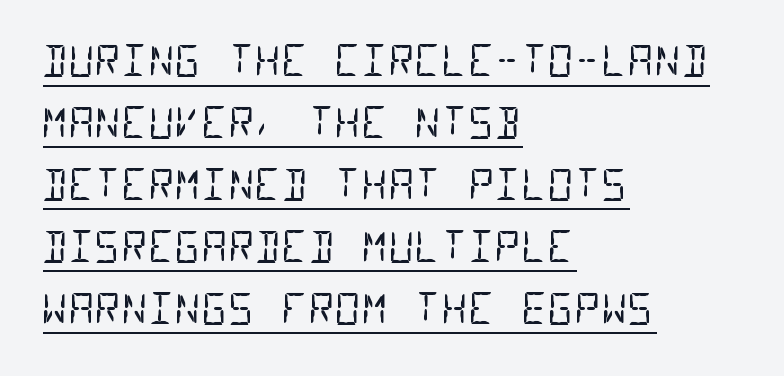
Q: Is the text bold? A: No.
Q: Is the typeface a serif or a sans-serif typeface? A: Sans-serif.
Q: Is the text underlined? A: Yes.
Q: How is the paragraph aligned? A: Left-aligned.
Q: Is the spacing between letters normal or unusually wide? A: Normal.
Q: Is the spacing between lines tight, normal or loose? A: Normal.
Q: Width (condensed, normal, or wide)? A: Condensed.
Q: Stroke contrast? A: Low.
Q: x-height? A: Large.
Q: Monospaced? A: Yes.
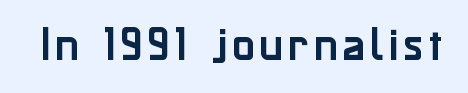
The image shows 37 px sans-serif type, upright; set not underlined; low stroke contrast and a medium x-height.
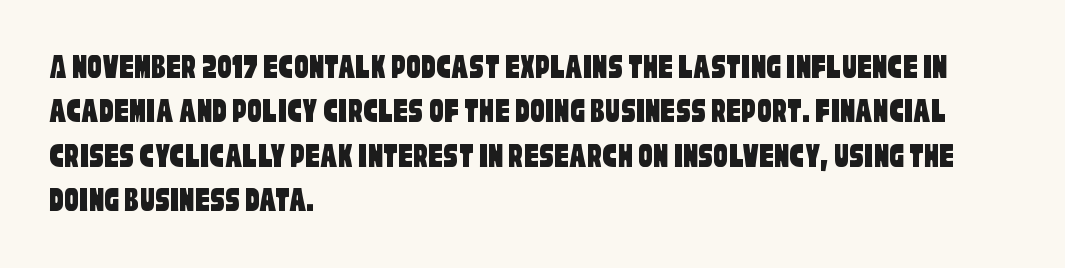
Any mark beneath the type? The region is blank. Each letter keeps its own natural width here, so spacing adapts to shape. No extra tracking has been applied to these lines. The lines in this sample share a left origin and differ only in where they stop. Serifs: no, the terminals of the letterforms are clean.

---

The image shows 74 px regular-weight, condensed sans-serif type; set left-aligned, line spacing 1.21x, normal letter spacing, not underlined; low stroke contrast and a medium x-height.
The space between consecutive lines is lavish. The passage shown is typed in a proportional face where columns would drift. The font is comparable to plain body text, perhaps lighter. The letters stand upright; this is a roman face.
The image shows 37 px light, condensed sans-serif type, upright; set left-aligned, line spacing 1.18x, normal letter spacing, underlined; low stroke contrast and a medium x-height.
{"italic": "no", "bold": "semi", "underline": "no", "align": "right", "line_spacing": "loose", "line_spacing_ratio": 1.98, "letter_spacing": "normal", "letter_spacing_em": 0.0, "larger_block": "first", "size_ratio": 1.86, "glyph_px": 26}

## Your assignment
Scan the data, and report each line that uses the word "sans".

## Task result
Q: Is the typeface a serif or a sans-serif typeface? A: Sans-serif.
The image shows 37 px sans-serif type, upright; set not underlined; low stroke contrast and a medium x-height.
The image shows 74 px regular-weight, condensed sans-serif type; set left-aligned, line spacing 1.21x, normal letter spacing, not underlined; low stroke contrast and a medium x-height.
The image shows 37 px light, condensed sans-serif type, upright; set left-aligned, line spacing 1.18x, normal letter spacing, underlined; low stroke contrast and a medium x-height.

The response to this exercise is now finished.